# [Data to use]
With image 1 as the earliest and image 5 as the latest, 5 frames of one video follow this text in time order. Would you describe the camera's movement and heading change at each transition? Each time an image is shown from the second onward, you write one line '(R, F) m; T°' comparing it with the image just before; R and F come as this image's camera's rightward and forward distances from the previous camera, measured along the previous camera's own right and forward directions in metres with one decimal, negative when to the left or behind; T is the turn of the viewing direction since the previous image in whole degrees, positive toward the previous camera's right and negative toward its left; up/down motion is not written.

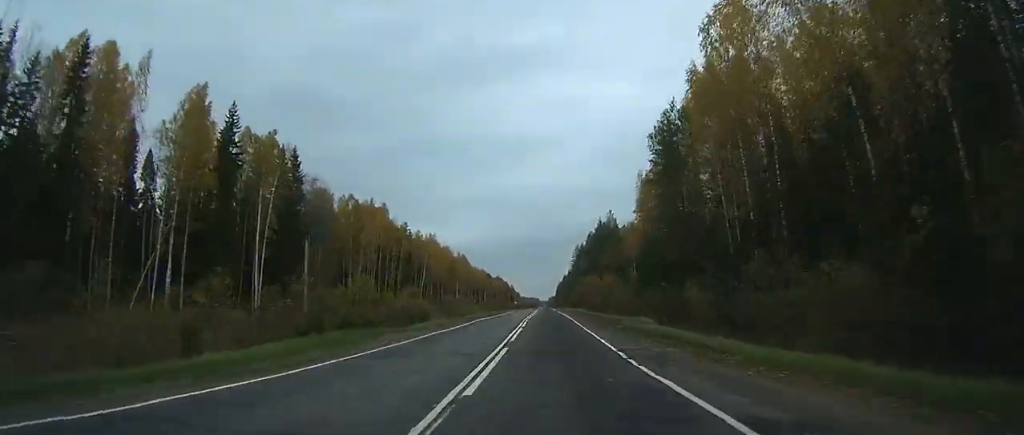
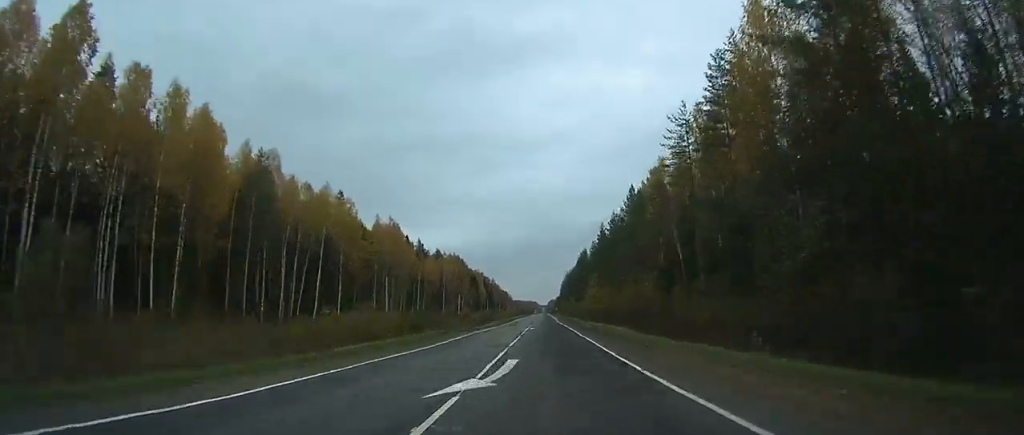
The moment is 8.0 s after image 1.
(-0.9, +223.2) m; -1°
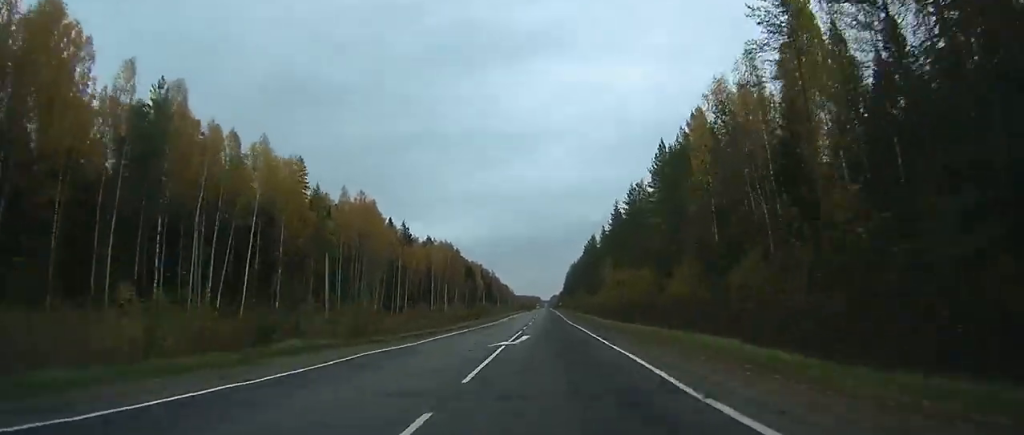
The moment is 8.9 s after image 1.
(0.0, +24.7) m; 0°
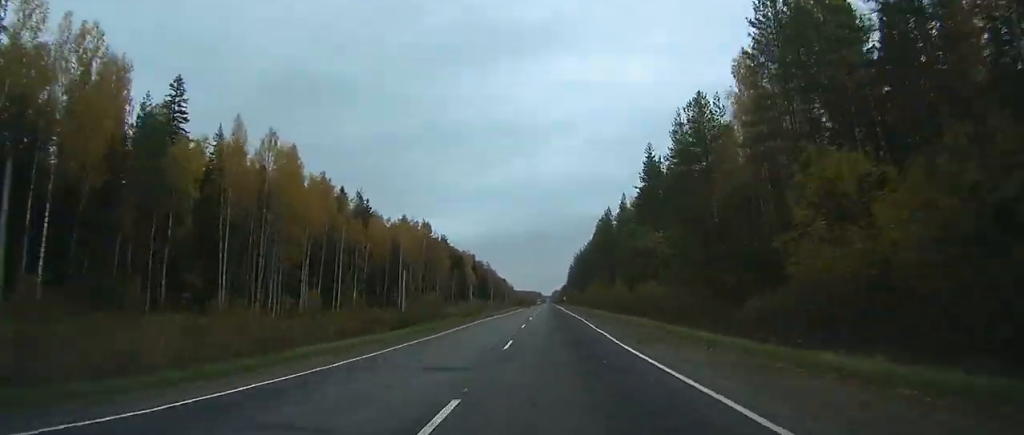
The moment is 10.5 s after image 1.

# [What is being asked]
Where the material above includes pictures, omit them and retype everything else exactly.

# [Completed exercise]
With image 1 as the earliest and image 5 as the latest, 5 frames of one video follow this text in time order. Would you describe the camera's movement and heading change at each transition? Each time an image is shown from the second onward, you write one line '(R, F) m; T°' comparing it with the image just before; R and F come as this image's camera's rightward and forward distances from the previous camera, measured along the previous camera's own right and forward directions in metres with one decimal, negative when to the left or behind; T is the turn of the viewing direction since the previous image in whole degrees, positive toward the previous camera's right and negative toward its left; up/down motion is not written.

The moment is 8.0 s after image 1.
(-0.9, +223.2) m; -1°
The moment is 8.9 s after image 1.
(0.0, +24.7) m; 0°
The moment is 10.5 s after image 1.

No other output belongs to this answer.